There will, of course, be cases where memory-sharing, co-operating processes need the separate identities and relative isolation available only to operating system, ``heavy-weight'' processes. However, these cases should be comparatively rare, and confined mainly to ``systems programming'' situations. It thus seems reasonable to require these processes to be declared as ``privileged and trusted'' (by suitably authorized users) and to be explicitly tied to specific physical processors. It is then possible to provide a simple mechanism that dispenses with most of the complications of generality and security checking to enable such privileged processes to obtain access to shared memory areas.
Another use for memory sharing among processes is to allow them to access common blocks of code, such as language-provided run-time systems. However, such code sharing need not affect the logic of a process, and the issue can thus be relegated to a convention between the linker and loader, rather than be treated as part of the definition of a process. In some systems, memory sharing is also used by debuggers. However, such debuggers can be accommodated by providing ``privileged and trusted'' server processes that allow them to achieve the same ends.
b) Assuming now that there are multiple physical processors that have access to a shared physical memory, and therefore that the memory-sharing processes can be executed in true parallel, the ``light-weight'' process solution is no longer applicable, and the ``privileged and trusted'' solution too primitive and restrictive. Furthermore, the existence of ``teams'' of closely co-operating processes executing in true parallel opens up new opportunities and complications, such as ``co-scheduling'' [3] and non-blocking (``spin-lock'') forms of synchronization.

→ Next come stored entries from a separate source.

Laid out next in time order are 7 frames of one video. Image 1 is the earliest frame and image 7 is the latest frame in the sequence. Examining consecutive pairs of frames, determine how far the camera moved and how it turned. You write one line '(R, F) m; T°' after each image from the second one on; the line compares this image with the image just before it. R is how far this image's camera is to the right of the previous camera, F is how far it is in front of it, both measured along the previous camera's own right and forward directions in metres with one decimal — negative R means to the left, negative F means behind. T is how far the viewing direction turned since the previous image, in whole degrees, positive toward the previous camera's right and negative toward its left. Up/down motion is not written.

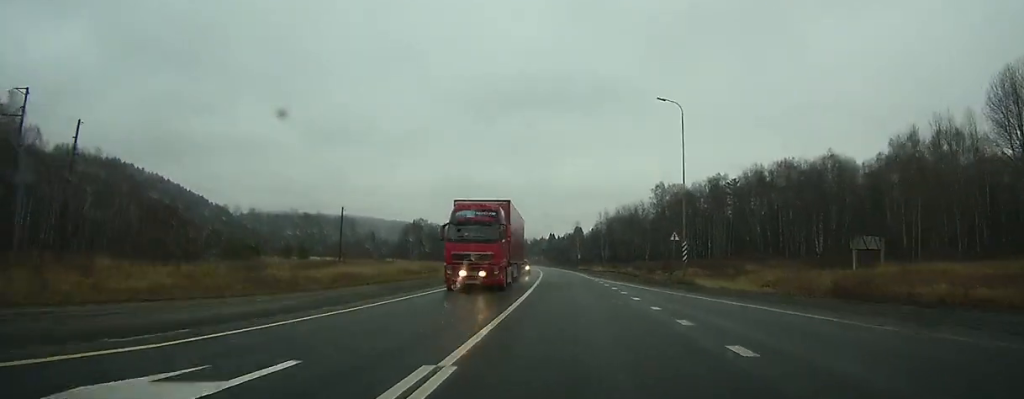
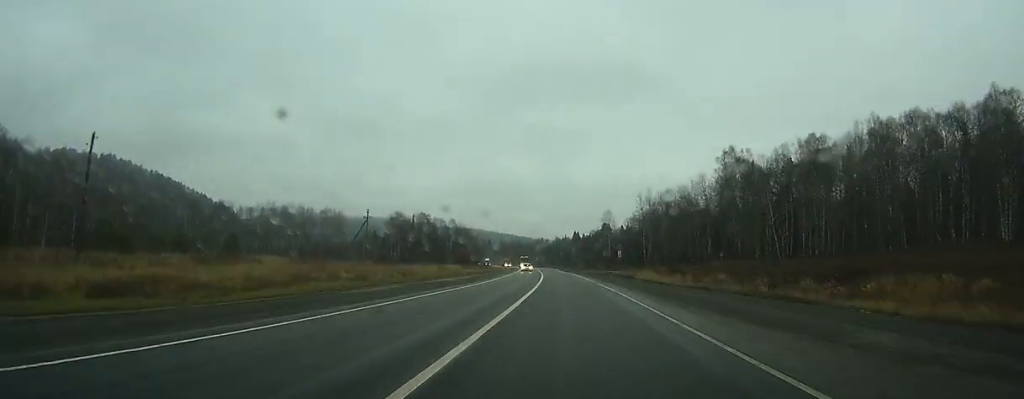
(-0.9, +55.6) m; -2°
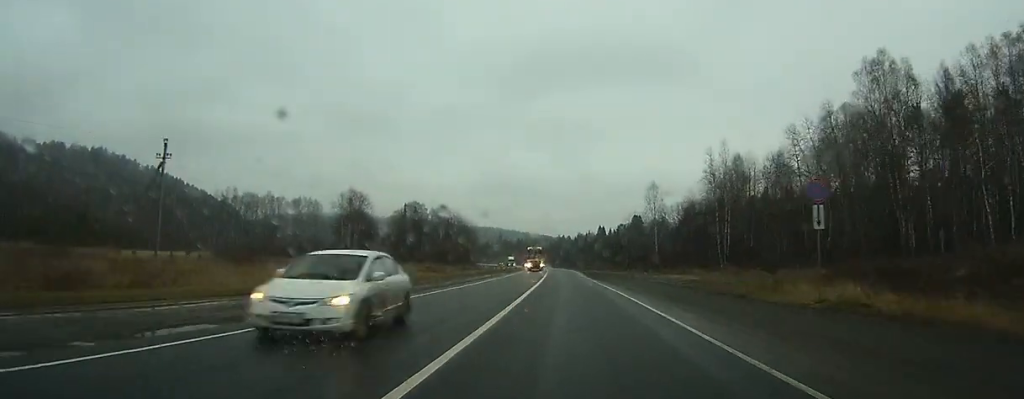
(-1.3, +55.4) m; -3°
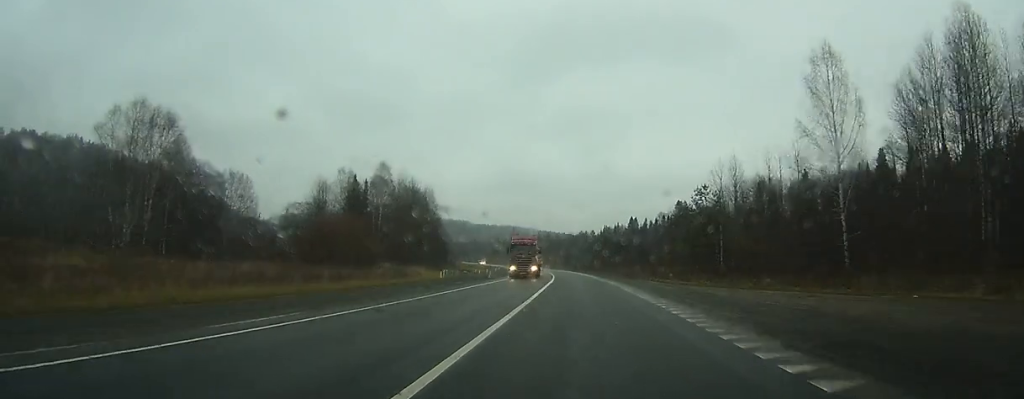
(-2.0, +73.1) m; -2°
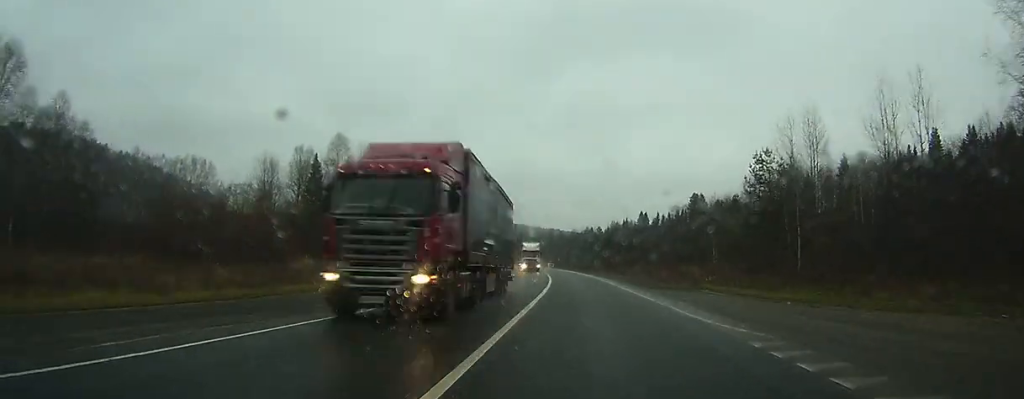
(-0.1, +22.2) m; -1°
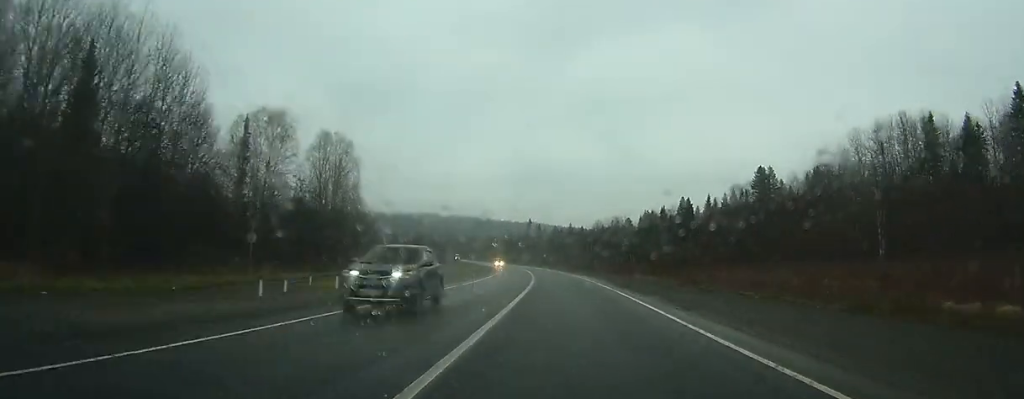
(-0.6, +57.4) m; -2°
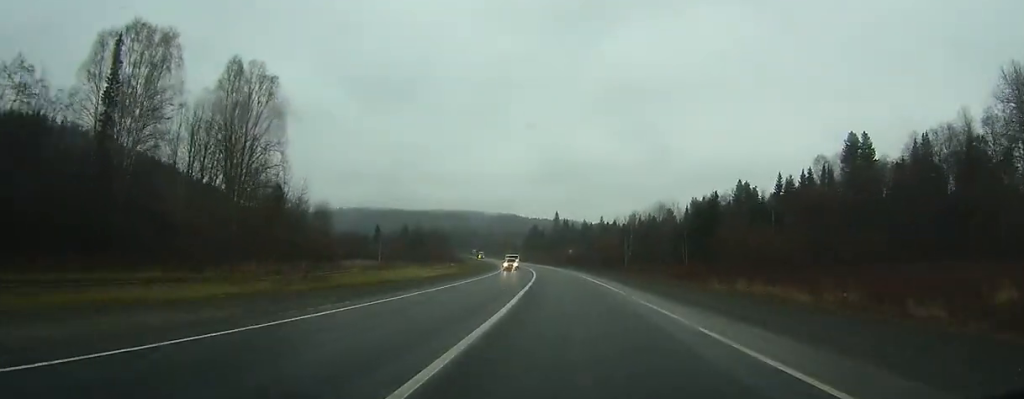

It is, however, possible to accommodate such hardware without resorting to generalized mechanisms by extending the ``light-weight'' process solution. On non-shared memory systems, the routines for implementing a ``light-weight'' scheduler will be provided as a standard library, to be linked into the code of the ``heavy-weight'' process hosting the collection of ``light-weight'' processes. However, on shared-memory multi-processors these routines will simply invoke ``hidden'' system calls, which see to it that the ``light-weight'' processes are executed on different physical processors, while otherwise being part of a single ``heavy-weight'' process.
The discussion on shared memory can be summarized as follows:
It is easier and more efficient to implement a process concept that does not allow processes to share memory. Furthermore, an application formulated as a set of processes that do not share memory can be executed on a wider range of computer systems, which is highly desirable.
However, when it is essential to exploit a shared-memory multi-processor, this can be achieved by introducing ``light-weight'' processes that are ``internal'' to normal ``heavy-weight'' processes. These ``light-weight'' processes can also be supported on a single processor by incorporating an internal ``user-code'' scheduler into the code of a single ``heavy-weight'' process. Thus, applications that explicitly exploit shared-memory multi-processors can still be ported to other kinds of computer systems, albeit with a performance penalty in some cases.
It should be noted that the concept of a ``light-weight'' process is independent from the concept of a ``heavy-weight'' process. The rest of this paper is exclusively concerned with ``heavy-weight'' processes.